▶ _PROVIDED DATA_:
****************
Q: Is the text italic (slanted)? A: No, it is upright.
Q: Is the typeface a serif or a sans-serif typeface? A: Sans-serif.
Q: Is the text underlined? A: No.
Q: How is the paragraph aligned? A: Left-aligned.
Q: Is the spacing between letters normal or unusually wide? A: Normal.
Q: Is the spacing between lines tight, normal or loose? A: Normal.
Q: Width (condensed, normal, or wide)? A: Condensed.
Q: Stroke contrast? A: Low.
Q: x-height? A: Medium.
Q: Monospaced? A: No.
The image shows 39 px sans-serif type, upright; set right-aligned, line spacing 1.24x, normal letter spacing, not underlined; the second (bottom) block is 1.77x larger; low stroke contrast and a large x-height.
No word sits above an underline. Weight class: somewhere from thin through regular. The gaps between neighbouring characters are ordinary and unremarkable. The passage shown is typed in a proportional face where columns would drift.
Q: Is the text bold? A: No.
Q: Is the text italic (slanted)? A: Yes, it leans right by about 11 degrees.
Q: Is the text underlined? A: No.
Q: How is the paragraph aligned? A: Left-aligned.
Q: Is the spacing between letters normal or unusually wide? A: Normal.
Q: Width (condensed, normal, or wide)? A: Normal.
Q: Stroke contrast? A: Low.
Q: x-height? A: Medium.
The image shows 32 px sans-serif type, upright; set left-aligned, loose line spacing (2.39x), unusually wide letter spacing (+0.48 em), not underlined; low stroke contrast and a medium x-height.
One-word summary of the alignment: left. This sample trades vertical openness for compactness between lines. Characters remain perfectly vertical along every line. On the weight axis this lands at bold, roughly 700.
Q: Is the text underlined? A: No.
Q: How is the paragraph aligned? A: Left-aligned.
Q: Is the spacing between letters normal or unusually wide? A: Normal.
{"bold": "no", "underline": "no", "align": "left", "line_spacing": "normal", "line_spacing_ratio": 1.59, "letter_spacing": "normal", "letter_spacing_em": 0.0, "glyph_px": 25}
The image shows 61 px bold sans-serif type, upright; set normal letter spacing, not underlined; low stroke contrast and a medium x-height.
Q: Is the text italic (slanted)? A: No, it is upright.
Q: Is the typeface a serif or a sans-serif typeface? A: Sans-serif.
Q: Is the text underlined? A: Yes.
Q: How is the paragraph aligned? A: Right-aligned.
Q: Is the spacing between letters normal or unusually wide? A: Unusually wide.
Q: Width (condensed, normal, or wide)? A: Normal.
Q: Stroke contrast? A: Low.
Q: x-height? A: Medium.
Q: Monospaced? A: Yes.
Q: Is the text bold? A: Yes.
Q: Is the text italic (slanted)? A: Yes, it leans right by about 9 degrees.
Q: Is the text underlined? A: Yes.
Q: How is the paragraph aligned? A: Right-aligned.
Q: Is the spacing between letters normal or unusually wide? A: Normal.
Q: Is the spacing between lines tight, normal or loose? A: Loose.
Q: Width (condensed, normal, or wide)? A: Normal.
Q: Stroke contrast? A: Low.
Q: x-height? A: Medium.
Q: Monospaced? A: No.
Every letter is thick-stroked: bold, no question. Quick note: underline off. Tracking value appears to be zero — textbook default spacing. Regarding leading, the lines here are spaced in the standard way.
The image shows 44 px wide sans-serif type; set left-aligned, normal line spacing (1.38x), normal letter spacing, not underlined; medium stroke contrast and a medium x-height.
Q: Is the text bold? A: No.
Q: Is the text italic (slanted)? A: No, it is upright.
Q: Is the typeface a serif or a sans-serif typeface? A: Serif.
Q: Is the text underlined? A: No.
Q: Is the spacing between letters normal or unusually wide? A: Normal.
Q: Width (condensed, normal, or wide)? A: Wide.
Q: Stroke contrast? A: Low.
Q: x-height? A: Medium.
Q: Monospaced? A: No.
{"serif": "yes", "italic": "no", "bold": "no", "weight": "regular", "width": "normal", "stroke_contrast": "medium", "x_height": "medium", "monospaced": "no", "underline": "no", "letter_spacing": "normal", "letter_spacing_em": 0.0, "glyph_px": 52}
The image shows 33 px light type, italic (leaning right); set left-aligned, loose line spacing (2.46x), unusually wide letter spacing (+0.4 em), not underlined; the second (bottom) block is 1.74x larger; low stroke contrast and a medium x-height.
****************
▶ _TASK TO COMPLETE_: The result should be every line of the material that contains the word "leans", so copy those lines.

▶ _ANSWER SPACE_:
Q: Is the text italic (slanted)? A: Yes, it leans right by about 11 degrees.
Q: Is the text italic (slanted)? A: Yes, it leans right by about 9 degrees.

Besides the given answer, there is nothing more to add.